Supply Chain Finance integration
Supply Chain Finance and Supply Chain Financing are becoming increasingly important. These approaches integrate factoring into comprehensive financing solutions across the entire supply chain. Companies benefit from optimized cash flows and stronger supplier relationships.
Regulatory developments
New regulations such as Basel III are influencing the factoring landscape. Banks must meet higher capital requirements, making alternative financing forms such as factoring more attractive. At the same time, stricter compliance requirements are emerging for factoring companies.
Conclusion
Factoring in procurement offers companies an effective way to optimize liquidity and minimize risk. The immediate availability of capital enables better negotiating positions and the use of cash discounts. With careful provider selection and transparent cost calculation, the advantages clearly outweigh the risks. Factoring is developing into a strategic financing instrument for modern procurement organizations.
FAQ
What does factoring in procurement typically cost?
The costs of factoring usually range between 0.5% and 3% of the receivables amount, depending on the industry, debtor creditworthiness, and type of factoring. Recourse-free factoring is more expensive than recourse factoring, but it offers full default protection. In addition, processing fees and minimum charges may apply.

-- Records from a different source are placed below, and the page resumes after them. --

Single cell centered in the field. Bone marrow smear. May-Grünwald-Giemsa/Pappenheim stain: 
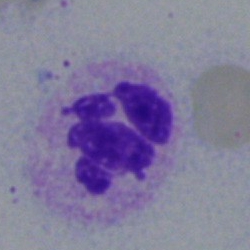 Q: What type of cell is this?
A: It is a segmented neutrophil.
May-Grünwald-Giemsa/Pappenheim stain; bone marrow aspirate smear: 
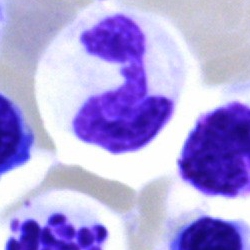 Impression → polymorphonuclear neutrophil.
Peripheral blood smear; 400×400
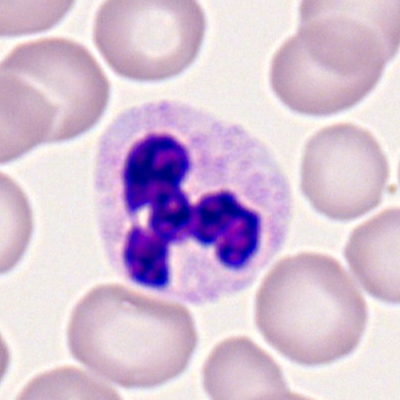 Polymorphonuclear neutrophil.
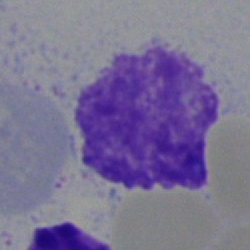The cell shown is an artifact.
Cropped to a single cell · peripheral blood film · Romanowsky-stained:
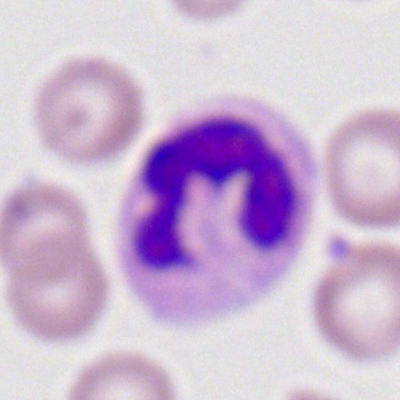
{"cell_type": "polymorphonuclear neutrophil", "lineage": "myeloid"}
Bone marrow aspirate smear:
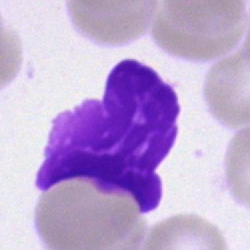
Impression → artifact.
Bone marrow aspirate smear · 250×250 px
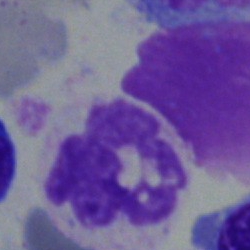

Specimen: bone marrow aspirate smear.
Classification: segmented neutrophil.
Lineage: myeloid.
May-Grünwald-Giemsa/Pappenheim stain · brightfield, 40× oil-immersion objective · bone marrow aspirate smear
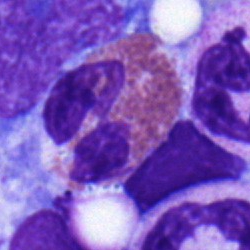

Specimen: bone marrow smear.
Classification: eosinophil.
Lineage: myeloid.
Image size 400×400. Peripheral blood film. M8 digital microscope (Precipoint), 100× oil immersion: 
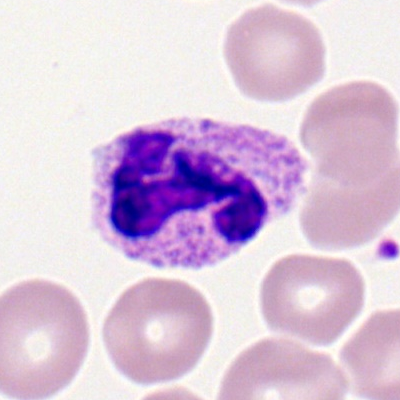 The cell shown is a segmented neutrophil.
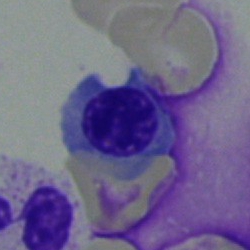{"cell_type": "nucleated red blood cell"}
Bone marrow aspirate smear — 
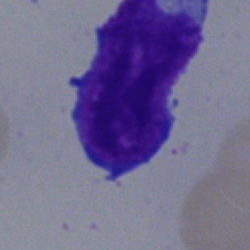
Morphology consistent with an immature lymphocyte.
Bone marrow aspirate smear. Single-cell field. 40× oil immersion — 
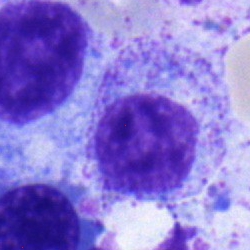 Morphological class — myelocyte.
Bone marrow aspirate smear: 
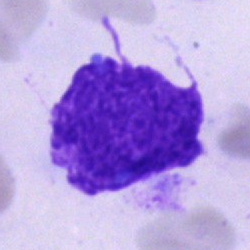 Impression — artifact.
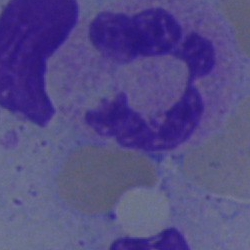
The cell shown is a segmented neutrophil.
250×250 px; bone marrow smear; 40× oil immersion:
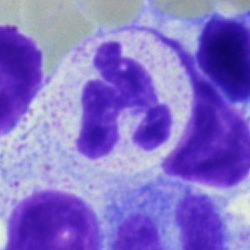

Neutrophil (segmented).
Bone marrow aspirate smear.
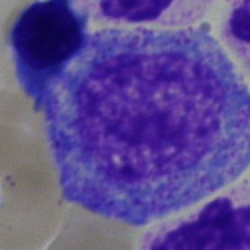Specimen: bone marrow smear.
Cell type: promyelocyte.
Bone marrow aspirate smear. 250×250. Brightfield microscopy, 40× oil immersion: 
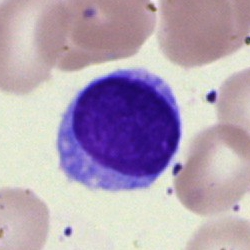
Morphology consistent with a typical lymphocyte.
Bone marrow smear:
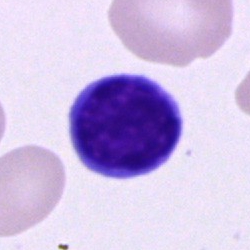
{"cell_type": "typical lymphocyte", "lineage": "lymphoid"}
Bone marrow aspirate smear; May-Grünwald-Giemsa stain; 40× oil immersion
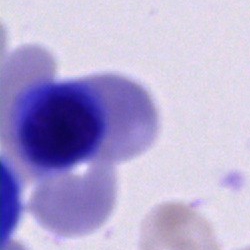

Cell: nucleated red blood cell.
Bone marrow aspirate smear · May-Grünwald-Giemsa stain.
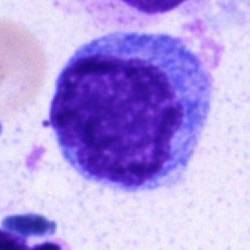

Specimen: bone marrow smear.
Classification: blast.
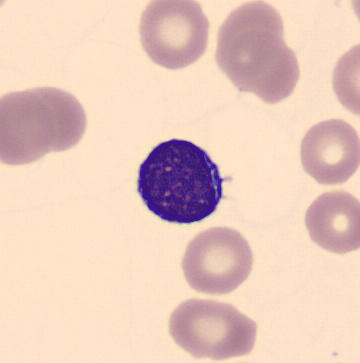

Imaged on a CellaVision DM96 analyser; peripheral blood smear; 360×363 px.
Single cell identified as a lymphocyte.
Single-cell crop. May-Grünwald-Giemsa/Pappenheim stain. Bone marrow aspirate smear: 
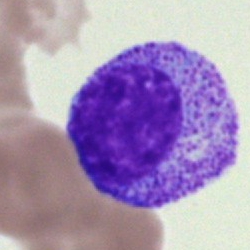Q: What type of cell is this?
A: It is a myelocyte.
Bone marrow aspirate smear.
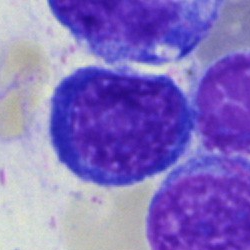

Showing a nucleated red cell.
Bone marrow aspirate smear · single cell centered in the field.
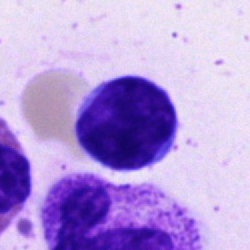
Specimen: bone marrow smear.
Cell type: lymphocyte.
Lineage: lymphoid.
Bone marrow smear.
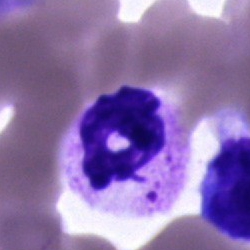Cell — polymorphonuclear neutrophil.
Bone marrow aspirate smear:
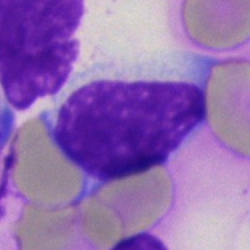 Cell type: typical lymphocyte.
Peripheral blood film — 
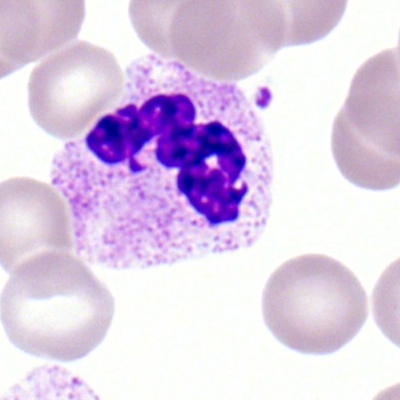
Single cell identified as a segmented neutrophil.
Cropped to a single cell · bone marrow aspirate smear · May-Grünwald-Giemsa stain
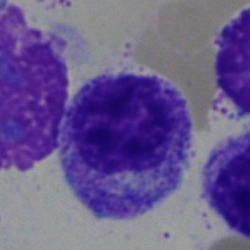

Cell = myelocyte.

Which companies is factoring particularly suitable for?
Factoring is particularly suitable for companies with longer payment terms, growing revenues, or limited collateral for bank loans. Companies with many smaller receivables or high administrative effort in receivables management also benefit significantly from this form of financing.
How does factoring differ from a bank loan?
Factoring is based on services already rendered and existing receivables, whereas bank loans often require extensive collateral. The creditworthiness of the debtors is more decisive in factoring than the company's own credit rating. In addition, the factor takes over administrative tasks in receivables management.
What risks exist in factoring?
The main risks are higher costs compared to other forms of financing, possible dependence on the factor, and potential reputational risks in the case of open communication. Hidden costs and inflexible contract terms can impair profitability. Careful provider selection minimizes these risks.